## Problem description:
Only the lines from the one containing "Options: 2, 0, 4, 2, 3" through the last line below belong in your copy; transcribe them exactly and omit any pictures.

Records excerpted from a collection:
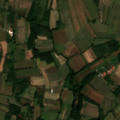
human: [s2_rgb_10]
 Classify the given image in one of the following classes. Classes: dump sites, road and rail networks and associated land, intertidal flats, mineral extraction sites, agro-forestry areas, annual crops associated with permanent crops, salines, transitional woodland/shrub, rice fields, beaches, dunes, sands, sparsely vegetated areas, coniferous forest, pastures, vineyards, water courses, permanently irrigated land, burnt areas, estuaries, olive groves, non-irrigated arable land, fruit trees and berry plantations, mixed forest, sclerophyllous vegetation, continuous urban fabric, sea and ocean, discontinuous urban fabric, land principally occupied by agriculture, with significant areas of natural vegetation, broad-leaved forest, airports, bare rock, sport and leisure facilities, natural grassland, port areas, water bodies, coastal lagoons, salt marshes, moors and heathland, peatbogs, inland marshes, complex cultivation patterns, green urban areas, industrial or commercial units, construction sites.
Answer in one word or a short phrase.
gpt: discontinuous urban fabric, non-irrigated arable land, complex cultivation patterns, land principally occupied by agriculture, with significant areas of natural vegetation
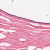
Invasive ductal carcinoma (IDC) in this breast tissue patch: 0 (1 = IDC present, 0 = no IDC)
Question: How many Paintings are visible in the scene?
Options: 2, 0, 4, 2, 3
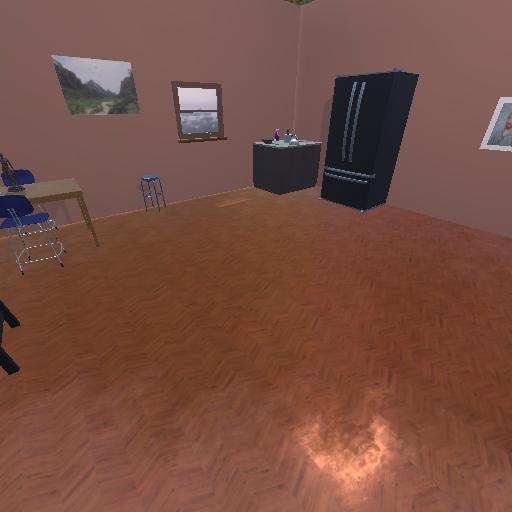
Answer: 2
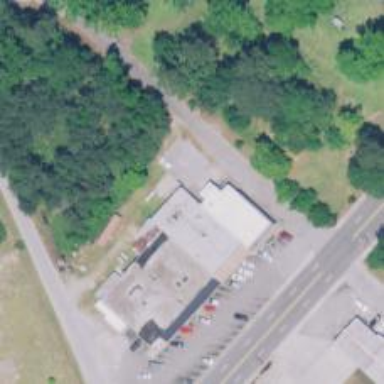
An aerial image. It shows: Post office.
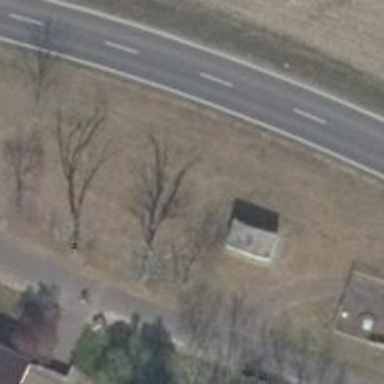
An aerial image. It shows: Minor distribution substation.
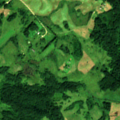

## Reply to the task:
Options: 2, 0, 4, 2, 3
Answer: 2
An aerial image. It shows: Post office.
An aerial image. It shows: Minor distribution substation.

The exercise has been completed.